#### WHAT THE EXERCISE ASKS
Please give the lines below again exactly as they stand, from the one that contains "Modality: T1w" up to and including the one that contains "Findings: Infiltration", leaving all pictures out.

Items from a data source
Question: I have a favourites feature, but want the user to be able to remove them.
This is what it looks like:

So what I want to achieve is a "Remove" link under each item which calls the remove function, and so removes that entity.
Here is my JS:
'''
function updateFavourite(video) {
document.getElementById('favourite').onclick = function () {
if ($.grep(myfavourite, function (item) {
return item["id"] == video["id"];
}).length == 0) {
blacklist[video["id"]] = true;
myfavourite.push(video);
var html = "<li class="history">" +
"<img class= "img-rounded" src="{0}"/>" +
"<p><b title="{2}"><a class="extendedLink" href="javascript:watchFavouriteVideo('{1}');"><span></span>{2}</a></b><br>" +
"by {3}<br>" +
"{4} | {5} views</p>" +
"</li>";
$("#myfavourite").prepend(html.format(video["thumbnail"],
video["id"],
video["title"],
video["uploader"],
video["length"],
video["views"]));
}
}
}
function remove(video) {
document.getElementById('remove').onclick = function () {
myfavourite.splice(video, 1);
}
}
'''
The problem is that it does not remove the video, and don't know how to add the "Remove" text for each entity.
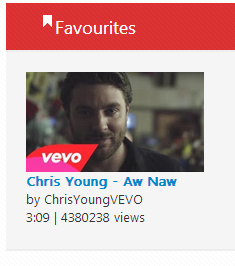
Answer: Here is an example
HTML
'''
<div id="favourites"></div>
<div id="displayList"></div>
'''
CSS
'''
#favourites {
width:auto;
height:100px;
}
.favourite {
width:auto;
height: auto;
margin-right:10px;
background-color:cyan;
float:left;
}
.title {
width:auto;
height: auto;
background-color:red;
border:0px;
text-align:center;
}
.picture {
width:50px;
height: 50px;
background-position:center;
display:block;
margin:0 auto;
}
.remove {
width:auto;
height: auto;
text-align:center;
}
.remove:hover {
cursor:pointer;
background-color:yellow;
}
#displayList {
min-height:20px;
clear:both;
border:1px solid black;
}
'''
Javascript
'''
var picsArray = [
'http://upload.wikimedia.org/wikipedia/commons/1/1b/Beys_Afroyim_with_son_%28cropped%29.jpg',
'http://upload.wikimedia.org/wikipedia/commons/8/8a/Tammam_Salam.jpg',
'http://upload.wikimedia.org/wikipedia/commons/2/27/Ratusz2007.jpg',
'http://upload.wikimedia.org/wikipedia/commons/6/60/GPN-2000-001979.jpg'
],
list = picsArray.slice(),
favourites = document.getElementById('favourites'),
displayList = document.getElementById('displayList');
function emptyNode(node) {
while (node.firstChild) {
node.removeChild(node.firstChild);
}
}
function updateDisplayList() {
emptyNode(displayList);
list.map(function (entry) {
return entry.split('/').slice(-1)[0];
}).forEach(function (shortEntry) {
var p = document.createElement('p');
p.appendChild(document.createTextNode(shortEntry));
displayList.appendChild(p);
});
}
list.forEach(function (pic) {
var favourite = document.createElement('div'),
title = document.createElement('div'),
img = document.createElement('img'),
remove = document.createElement('div');
favourite.className = 'favourite';
title.className = 'title';
img.className = 'picture';
remove.className = 'remove';
title.appendChild(document.createTextNode('Favourite'));
favourite.appendChild(title);
img.src = pic;
favourite.appendChild(img);
remove.appendChild(document.createTextNode('Remove'));
remove.addEventListener('click', function (e) {
e.target.parentNode.parentNode.removeChild(e.target.parentNode);
list = list.filter(function (ele) {
return ele !== e.target.previousSibling.src;
});
updateDisplayList();
}, false);
favourite.appendChild(remove);
favourites.appendChild(favourite);
});
updateDisplayList();
'''
On <URL>
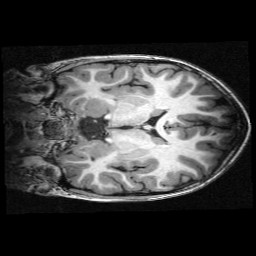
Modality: T1w
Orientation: coronal
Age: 9
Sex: male
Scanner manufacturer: siemens
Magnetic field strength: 3 T
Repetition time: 2.3 s
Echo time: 0.00336 s
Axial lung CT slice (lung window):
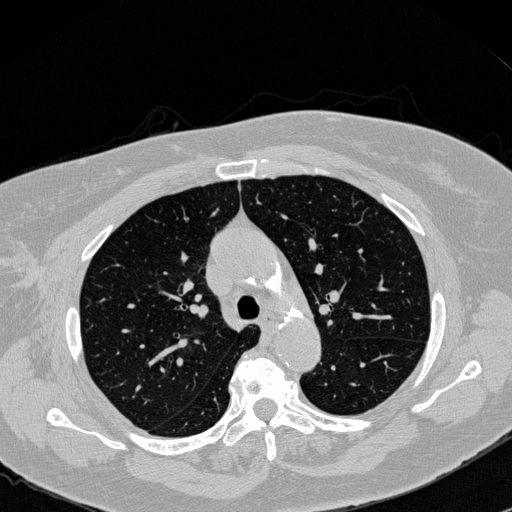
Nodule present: no
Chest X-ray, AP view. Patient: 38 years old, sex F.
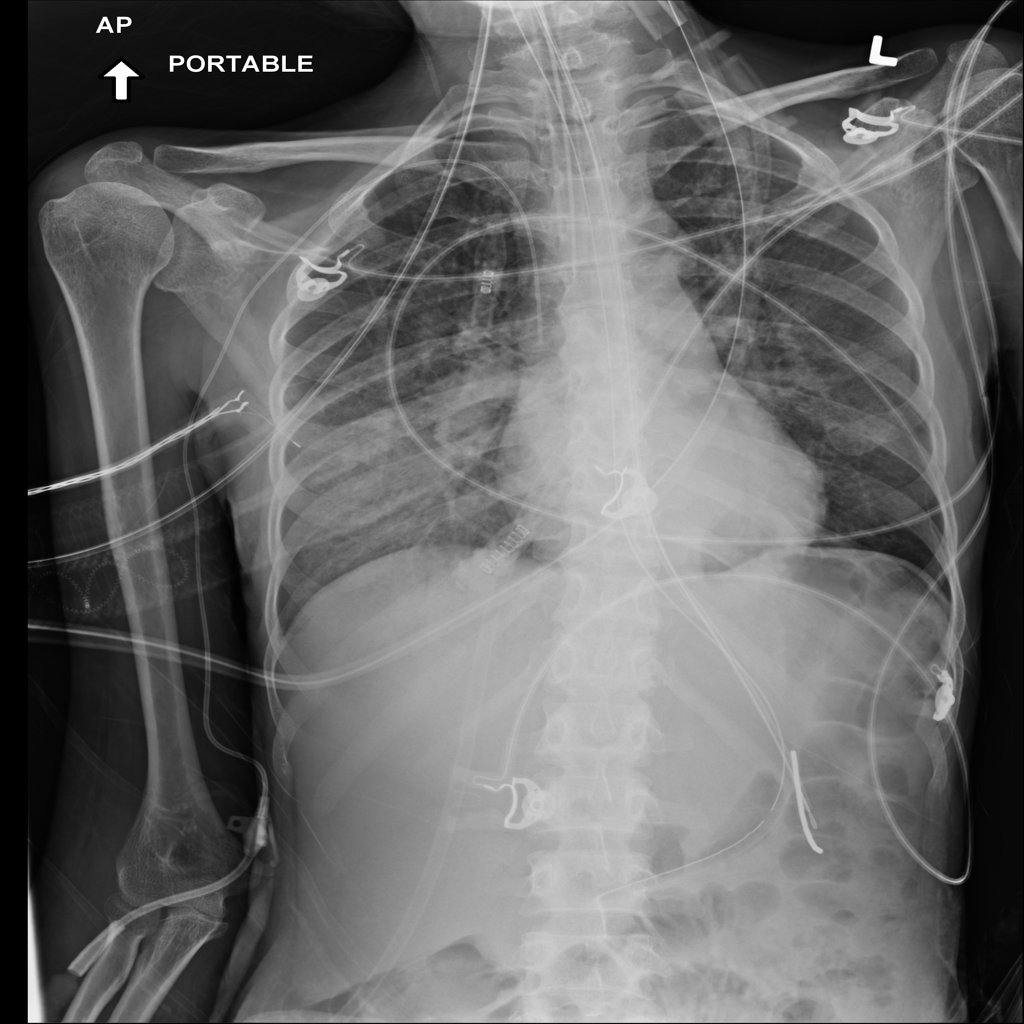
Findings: Infiltration
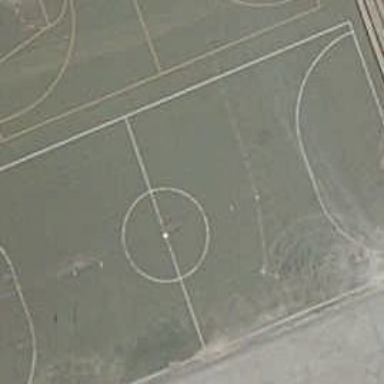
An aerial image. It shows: Futsal pitch for leisure and sports activities.
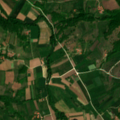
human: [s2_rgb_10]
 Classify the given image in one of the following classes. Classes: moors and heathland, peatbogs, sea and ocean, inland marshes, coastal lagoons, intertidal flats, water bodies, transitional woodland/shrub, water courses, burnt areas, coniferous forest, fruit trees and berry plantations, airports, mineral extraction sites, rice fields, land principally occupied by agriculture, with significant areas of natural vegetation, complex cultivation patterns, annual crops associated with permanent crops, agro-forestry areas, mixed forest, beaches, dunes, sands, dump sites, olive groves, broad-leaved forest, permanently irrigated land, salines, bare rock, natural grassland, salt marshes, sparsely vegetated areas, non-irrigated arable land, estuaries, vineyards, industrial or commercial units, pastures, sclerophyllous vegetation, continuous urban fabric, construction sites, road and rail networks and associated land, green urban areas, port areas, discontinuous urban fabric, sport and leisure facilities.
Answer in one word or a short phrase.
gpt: non-irrigated arable land, complex cultivation patterns, land principally occupied by agriculture, with significant areas of natural vegetation, broad-leaved forest
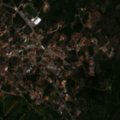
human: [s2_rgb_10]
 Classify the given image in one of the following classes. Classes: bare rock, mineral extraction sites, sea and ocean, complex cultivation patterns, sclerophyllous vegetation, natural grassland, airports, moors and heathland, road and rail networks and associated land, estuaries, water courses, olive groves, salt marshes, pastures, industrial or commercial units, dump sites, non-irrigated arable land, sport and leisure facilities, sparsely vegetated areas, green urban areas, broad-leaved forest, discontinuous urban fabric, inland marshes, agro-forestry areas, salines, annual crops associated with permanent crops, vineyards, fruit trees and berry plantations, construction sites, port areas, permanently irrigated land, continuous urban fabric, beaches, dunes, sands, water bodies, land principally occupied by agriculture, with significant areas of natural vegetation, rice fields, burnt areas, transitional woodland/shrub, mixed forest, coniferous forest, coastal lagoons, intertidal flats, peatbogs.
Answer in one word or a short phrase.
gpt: discontinuous urban fabric, olive groves, complex cultivation patterns, sclerophyllous vegetation, transitional woodland/shrub
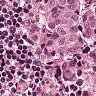
Metastatic tissue present: yes
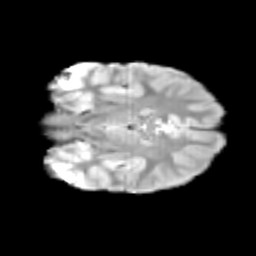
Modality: T2w
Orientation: coronal
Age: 11
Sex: male
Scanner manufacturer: siemens
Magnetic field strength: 3 T
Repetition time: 3.8 s
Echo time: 0.07 s
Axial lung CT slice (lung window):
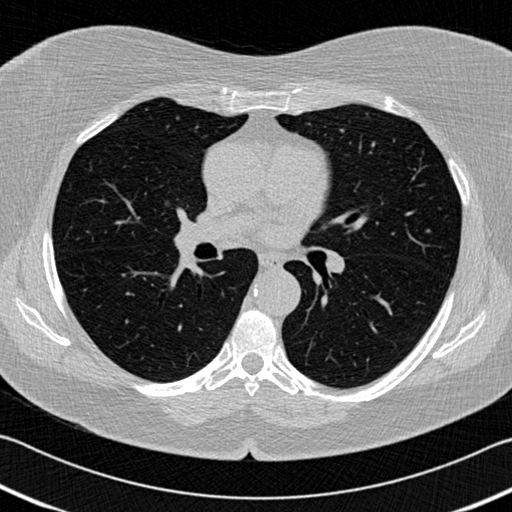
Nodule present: yes
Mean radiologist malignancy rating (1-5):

#### ANSWER TO THIS PROBLEM
Modality: T1w
Orientation: coronal
Age: 9
Sex: male
Scanner manufacturer: siemens
Magnetic field strength: 3 T
Repetition time: 2.3 s
Echo time: 0.00336 s
Axial lung CT slice (lung window):
Nodule present: no
Chest X-ray, AP view. Patient: 38 years old, sex F.
Findings: Infiltration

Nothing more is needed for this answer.